But even the big-name cast takes a backseat to even bigger special effects. This is the first Alice to exploit the hocus-pocus available in the post-digital-revolution era. The production is crammed with 875 special effects-serveral in every scene and nearly twice as many as in NBC's Merlin, last April's ratings-winning miniseries that was an hour longer. Short's head, for instance, has been magically enlarged to three times its normal size to resemble Sir John Tenniel's Mad Hatter illustration in Carroll's 1865 book. Short's tea party partner, the March Hare, is played by actor Adrian Gettley inside an elaborate head created by Jim Henson's Creature Shop, which also designed the Cheshire Cat, the guinea-pig jurors and the half-lion, half-eagle Gryphon. The tea party scene was shot inside a soundstage; the backdrop of sun-dappled woods was added later. Even the details have been gilded with FX dust-a pie sprouts crab legs, a cup spins on its own.
"We have the advantage of money," says Willing, referring to executive producer Robert Halmi Sr.'s generous budget. "It's like being a kid in a candy store. We are able to make Wonderland truly extraordinary. That makes a big difference because every scene has to top the one before."

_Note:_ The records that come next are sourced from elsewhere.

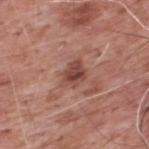biopsy_status: not biopsied; imaged during a skin examination
lesion_size:
  long_diameter_mm_approx: 3.5
site: upper back
patient:
  sex: male
  age_approx: 60
lighting: white-light
image:
  source: total-body photography crop
  field_of_view_mm: 15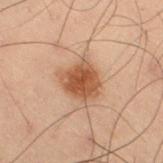{
  "biopsy_status": "not biopsied; imaged during a skin examination",
  "lighting": "cross-polarized",
  "patient": {
    "sex": "male",
    "age_approx": 55
  },
  "image": {
    "source": "total-body photography crop",
    "field_of_view_mm": 15
  },
  "automated_metrics": {
    "eccentricity": 0.5,
    "cielab_L": 43,
    "cielab_a": 19,
    "cielab_b": 29,
    "vs_skin_darker_L": 11.0,
    "border_irregularity_0_10": 2.5,
    "color_variation_0_10": 3.5,
    "peripheral_color_asymmetry": 1.0
  },
  "lesion_size": {
    "long_diameter_mm_approx": 4.0
  },
  "site": "right thigh"
}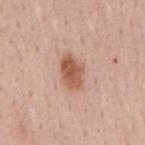No biopsy was performed on this lesion — it was imaged during a full skin examination and was not determined to be concerning.
The lesion is on the mid back.
A lesion tile, about 15 mm wide, cut from a 3D total-body photograph.
A male patient, in their mid- to late 50s.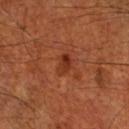Impression:
Part of a total-body skin-imaging series; this lesion was reviewed on a skin check and was not flagged for biopsy.
Acquisition and patient details:
The lesion is on the right thigh. A 15 mm close-up extracted from a 3D total-body photography capture. A male subject aged 68–72.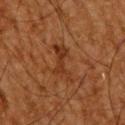The lesion was tiled from a total-body skin photograph and was not biopsied.
The lesion is on the back.
An algorithmic analysis of the crop reported an average lesion color of about L≈28 a*≈20 b*≈29 (CIELAB), about 6 CIELAB-L* units darker than the surrounding skin, and a normalized border contrast of about 6.5. And it measured a border-irregularity index near 7/10, a within-lesion color-variation index near 2/10, and a peripheral color-asymmetry measure near 0.5. The software also gave lesion-presence confidence of about 100/100.
The subject is a male roughly 65 years of age.
The tile uses cross-polarized illumination.
Measured at roughly 5 mm in maximum diameter.
Cropped from a total-body skin-imaging series; the visible field is about 15 mm.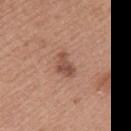location: the left upper arm | image-analysis metrics: a footprint of about 4.5 mm², an outline eccentricity of about 0.8 (0 = round, 1 = elongated), and two-axis asymmetry of about 0.35; a classifier nevus-likeness of about 50/100 and lesion-presence confidence of about 100/100 | image: ~15 mm tile from a whole-body skin photo | tile lighting: white-light illumination | subject: female, roughly 40 years of age | lesion diameter: about 3 mm.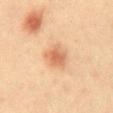A male subject aged 38 to 42. A roughly 15 mm field-of-view crop from a total-body skin photograph. This is a cross-polarized tile. Located on the front of the torso.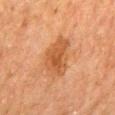The lesion is on the mid back. Longest diameter approximately 5 mm. A close-up tile cropped from a whole-body skin photograph, about 15 mm across. A male subject, approximately 80 years of age. The lesion-visualizer software estimated an average lesion color of about L≈43 a*≈21 b*≈33 (CIELAB), a lesion–skin lightness drop of about 8, and a normalized lesion–skin contrast near 7.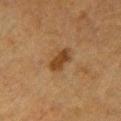The lesion was tiled from a total-body skin photograph and was not biopsied. A 15 mm crop from a total-body photograph taken for skin-cancer surveillance. A female subject approximately 55 years of age. About 3.5 mm across. From the chest. The lesion-visualizer software estimated an area of roughly 5.5 mm² and a shape eccentricity near 0.85. The analysis additionally found a detector confidence of about 100 out of 100 that the crop contains a lesion.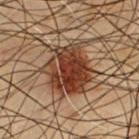Part of a total-body skin-imaging series; this lesion was reviewed on a skin check and was not flagged for biopsy. The lesion is on the front of the torso. Imaged with cross-polarized lighting. The lesion-visualizer software estimated a footprint of about 24 mm², a shape eccentricity near 0.55, and a shape-asymmetry score of about 0.25 (0 = symmetric). The recorded lesion diameter is about 6.5 mm. Cropped from a total-body skin-imaging series; the visible field is about 15 mm. A male patient, aged around 55.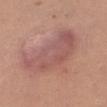acquisition=~15 mm crop, total-body skin-cancer survey | patient=female, aged approximately 30 | anatomic site=the leg.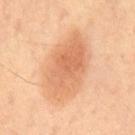Captured during whole-body skin photography for melanoma surveillance; the lesion was not biopsied.
A male patient, in their mid-50s.
The lesion-visualizer software estimated a mean CIELAB color near L≈67 a*≈24 b*≈38, roughly 11 lightness units darker than nearby skin, and a normalized lesion–skin contrast near 6.5.
The tile uses cross-polarized illumination.
Located on the mid back.
A lesion tile, about 15 mm wide, cut from a 3D total-body photograph.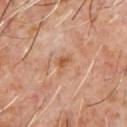Impression:
No biopsy was performed on this lesion — it was imaged during a full skin examination and was not determined to be concerning.
Context:
A region of skin cropped from a whole-body photographic capture, roughly 15 mm wide. Imaged with cross-polarized lighting. Longest diameter approximately 2.5 mm. A male subject, roughly 60 years of age. The total-body-photography lesion software estimated an area of roughly 3.5 mm², an eccentricity of roughly 0.7, and a shape-asymmetry score of about 0.4 (0 = symmetric). It also reported a border-irregularity index near 4/10, a within-lesion color-variation index near 1.5/10, and a peripheral color-asymmetry measure near 0.5. From the chest.

"We have to do it this big or otherwise it doesn't work," says Halmi. "People have to be blown away." He hired Willing, a veteran of music videos and TV commercials, because the director is an expert in cutting-edge visual technology.
The imaginative sets include a courtroom made of giant playing cards, a hedge maze and a room-size child's pop-up book. "It's almost a hallucinogenic experience," says Willing of the movie's look, created by Merlin designer Roger Hall. (Hall also worked on the 1985 British film "DreamChild," about the memories of the real Alice Liddell.) "You feel you're actually there," says Willing. "It's like you've actually gone into another world."
Another world that is alternately frightening and funny, as Alice reels from the comedy of Tweedledum and Tweedledee to the over-the-top drama of the Queen of Hearts, whose famous line "Off with her head!" has been updated by writer Peter Barnes (Merlin) to "Chop. Chop. Chop. Blood everywhere. Makes you proud to be queen."
"We're making the spooky bits much spookier and the funny bits much funnier," says Willing. "We've amplified everything." The March Hare, with its freaky asymmetrical eyes, scared Majorino. "That showed Nick that it was a success because he wanted the March Hare to be creepy," she says. "When it's in your face, it's overwhelming."
Richardson's queen-the second weird queen she's played for producer Halmi-is equally overwhelming. Unlike Merlin's Queen Mab, for which she earned a Golden Globe nomination-"It was high campery and fantasy and all about telling a great story, although Mab was a bit of bimbo," she says-the Queen of Hearts is less an evil airhead than a brat. "There's no logic to hang on to. So what you hang on to is the rhythm of the scene," Richardson says. "It has to sort of crack along. But still, sometimes you think, What am I doing? I think that about 50 times a day."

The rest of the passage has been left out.